Veena has published and presented extensively on these topics. Key publications include Turning up the Heat: The need for urgent action from US financial regulators on climate change (2021); Addressing Climate Change as a Systemic Risk: A role for financial market regulators (2020); Running the Risk: How corporate boards can oversee ESG issues (2019) and Systems rule: How board governance drives sustainability performance (2017).
She holds a BA (Hons) LL.B degree from the National Law School of India University and an LL.M degree from the Washington University School of Law.


Jesse Bellemare
Jesse Bellemare is a plant ecologist and associate professor in the Department of Biological Sciences at Smith College in Northampton, Massachusetts. His lab’s research focuses on plant diversity in the forests of the eastern U.S. and how plant species might be affected by climate change. In addition to basic research related to plant ecology and biogeography, Jesse’s scientific work has also investigated applied questions related to plant conservation and novel approaches to species preservation in the face of climate change, such as so-called “assisted migration”. Ecological research articles from the Bellemare Lab have been published in scientific journals including Oecologia, Ecosphere, Journal of Biogeography, and Rhodora.

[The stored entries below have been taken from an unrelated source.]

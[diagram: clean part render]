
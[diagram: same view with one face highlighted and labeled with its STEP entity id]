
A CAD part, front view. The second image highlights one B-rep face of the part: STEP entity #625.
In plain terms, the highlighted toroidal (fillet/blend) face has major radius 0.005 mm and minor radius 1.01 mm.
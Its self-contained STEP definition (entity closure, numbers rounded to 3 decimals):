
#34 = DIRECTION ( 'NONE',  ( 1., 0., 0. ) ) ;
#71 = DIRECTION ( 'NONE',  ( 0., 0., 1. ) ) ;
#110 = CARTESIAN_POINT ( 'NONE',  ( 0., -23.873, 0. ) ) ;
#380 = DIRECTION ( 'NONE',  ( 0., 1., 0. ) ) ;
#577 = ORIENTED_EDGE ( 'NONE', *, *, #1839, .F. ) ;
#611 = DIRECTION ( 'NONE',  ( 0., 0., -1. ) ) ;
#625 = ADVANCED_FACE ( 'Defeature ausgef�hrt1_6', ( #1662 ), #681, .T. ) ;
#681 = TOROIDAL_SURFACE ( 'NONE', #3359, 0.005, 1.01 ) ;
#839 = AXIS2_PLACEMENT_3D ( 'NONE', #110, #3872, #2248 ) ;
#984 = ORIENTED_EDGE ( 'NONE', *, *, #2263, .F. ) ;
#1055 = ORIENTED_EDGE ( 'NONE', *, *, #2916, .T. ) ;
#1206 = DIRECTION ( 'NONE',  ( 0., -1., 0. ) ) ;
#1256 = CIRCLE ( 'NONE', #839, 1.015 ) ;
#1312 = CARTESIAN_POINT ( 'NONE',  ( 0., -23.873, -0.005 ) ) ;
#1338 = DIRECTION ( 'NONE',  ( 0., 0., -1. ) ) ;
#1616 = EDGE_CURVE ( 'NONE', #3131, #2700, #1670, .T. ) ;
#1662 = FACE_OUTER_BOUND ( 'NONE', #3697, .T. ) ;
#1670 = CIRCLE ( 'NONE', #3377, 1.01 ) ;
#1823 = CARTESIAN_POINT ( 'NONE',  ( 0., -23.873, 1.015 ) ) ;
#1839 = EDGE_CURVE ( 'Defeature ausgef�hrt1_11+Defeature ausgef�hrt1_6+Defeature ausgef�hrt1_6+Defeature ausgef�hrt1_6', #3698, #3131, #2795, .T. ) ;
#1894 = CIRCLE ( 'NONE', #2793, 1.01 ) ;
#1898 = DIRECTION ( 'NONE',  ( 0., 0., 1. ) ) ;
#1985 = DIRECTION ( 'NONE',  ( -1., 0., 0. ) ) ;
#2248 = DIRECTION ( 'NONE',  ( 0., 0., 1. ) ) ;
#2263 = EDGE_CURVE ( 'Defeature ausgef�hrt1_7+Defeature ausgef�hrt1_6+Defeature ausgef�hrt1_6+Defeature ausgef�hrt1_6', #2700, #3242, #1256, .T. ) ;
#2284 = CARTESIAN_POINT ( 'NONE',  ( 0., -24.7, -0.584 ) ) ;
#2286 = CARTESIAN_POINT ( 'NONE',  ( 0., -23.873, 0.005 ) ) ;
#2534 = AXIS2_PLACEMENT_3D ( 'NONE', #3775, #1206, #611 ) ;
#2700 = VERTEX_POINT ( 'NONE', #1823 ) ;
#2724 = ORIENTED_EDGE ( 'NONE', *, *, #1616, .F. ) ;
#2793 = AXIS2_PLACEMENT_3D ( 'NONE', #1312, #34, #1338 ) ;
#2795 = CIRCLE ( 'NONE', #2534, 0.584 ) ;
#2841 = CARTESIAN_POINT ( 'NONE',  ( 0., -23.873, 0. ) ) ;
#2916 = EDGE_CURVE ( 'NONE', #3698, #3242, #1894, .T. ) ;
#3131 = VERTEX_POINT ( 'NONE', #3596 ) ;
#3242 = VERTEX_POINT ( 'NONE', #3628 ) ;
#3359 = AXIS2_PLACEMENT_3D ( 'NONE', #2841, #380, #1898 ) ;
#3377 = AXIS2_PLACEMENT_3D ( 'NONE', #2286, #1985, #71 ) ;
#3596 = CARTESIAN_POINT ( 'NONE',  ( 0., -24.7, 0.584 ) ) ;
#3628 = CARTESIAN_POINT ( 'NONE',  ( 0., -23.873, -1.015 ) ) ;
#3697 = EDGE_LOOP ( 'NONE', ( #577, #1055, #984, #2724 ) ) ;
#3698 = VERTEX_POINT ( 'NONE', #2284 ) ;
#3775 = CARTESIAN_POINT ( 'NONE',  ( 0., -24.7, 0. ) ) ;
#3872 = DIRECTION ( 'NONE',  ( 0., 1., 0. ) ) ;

Jesse received his undergraduate degree in biology from the University of Massachusetts, Amherst, a Masters of Forest Science from Harvard University – Harvard Forest, and a PhD in ecology and evolution from Cornell University.
Lucas McDiarmid
As a legislative staffer with the Office of Senator Anne M. Gobi, representing the Worcester and Hampshire Districts, Lucas works to support the Senator with public outreach, press and media relations strategy.
Lucas holds a master’s degree in public administration from Norwich University. He is a member of the Palmer Conservation Commission and the outings leader for the Western Massachusetts Region of the national organization, Latino Outdoors, where he works to create outdoor education opportunities for the Latino Community in Western Massachusetts by promoting equity and accessibility in the outdoors.